I felt like I had five years to prepare for the diagnosis of MS. I was 16 when everything started, then went back to see my neurologist at 21. I knew what I was facing the minute I went back to the neurologist after hiding for 2 years thinking things would just go away.
I knew that going back meant the possibility of being diagnosed with MS. A year ago I thought that's what I wanted. Well not necessarily a diagnosis but answers. I wanted answers so bad. Answers that would show I'm not crazy. I made a silly stupid promise to myself. A promise I should have known wasn't realistic.

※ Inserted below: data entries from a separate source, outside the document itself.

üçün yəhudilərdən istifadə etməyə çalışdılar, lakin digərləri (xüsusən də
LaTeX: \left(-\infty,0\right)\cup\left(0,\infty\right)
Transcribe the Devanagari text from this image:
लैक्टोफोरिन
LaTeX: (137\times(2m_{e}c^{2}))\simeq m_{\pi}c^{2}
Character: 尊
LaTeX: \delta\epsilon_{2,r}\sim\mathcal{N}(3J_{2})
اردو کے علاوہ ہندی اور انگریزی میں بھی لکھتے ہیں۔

I promised myself that I would be okay after a year. Before I was even diagnosed, I told myself no matter what happens, even if I receive a diagnosis of MS things will be okay in a year. I was stupid to put a time limit on grieving and acceptance of something that feels so much bigger than me at times. I know it's not but sometimes it feels like that. I've been so disappointed in myself lately. Mostly for breaking my promise to myself. I just wish I could magically make everything okay. It's funny I thought I was so ready I just wanted answers but I wasn't thinking about everything that came along with those answers.
Everything became so real and overwhelming. I used to feel so alone in all of this but I know I'm not I have awesome friends that understand exactly what I'm going through. I'm so grateful for them.

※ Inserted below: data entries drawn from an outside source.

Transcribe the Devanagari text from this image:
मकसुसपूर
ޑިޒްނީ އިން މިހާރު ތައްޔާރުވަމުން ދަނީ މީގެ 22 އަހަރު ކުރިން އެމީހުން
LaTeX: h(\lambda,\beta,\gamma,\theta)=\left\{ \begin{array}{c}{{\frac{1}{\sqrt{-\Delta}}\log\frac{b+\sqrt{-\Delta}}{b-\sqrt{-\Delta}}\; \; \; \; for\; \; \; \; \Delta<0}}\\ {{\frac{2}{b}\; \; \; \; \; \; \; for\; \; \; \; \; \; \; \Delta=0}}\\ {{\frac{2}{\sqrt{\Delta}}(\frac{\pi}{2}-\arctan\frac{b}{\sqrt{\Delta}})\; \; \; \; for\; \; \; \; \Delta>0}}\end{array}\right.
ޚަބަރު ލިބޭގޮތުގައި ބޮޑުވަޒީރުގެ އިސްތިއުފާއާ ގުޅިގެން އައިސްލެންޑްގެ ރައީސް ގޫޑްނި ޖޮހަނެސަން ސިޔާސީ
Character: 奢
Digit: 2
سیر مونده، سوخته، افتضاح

As I write this the year deadline I gave myself is approaching fast. I'm trying to push that under the rug. I'm trying not to be so disappointed in myself because even though I broke this one promise to myself I kept so many other silent unspoken promises I made to myself. I never gave up and I'm doing all I can to deal with this. I'm not hiding, I'm facing it. I'm not running anymore. I'm facing reality, no more unrealistic goals or promises, no more disappointment. This girl will eventually be okay.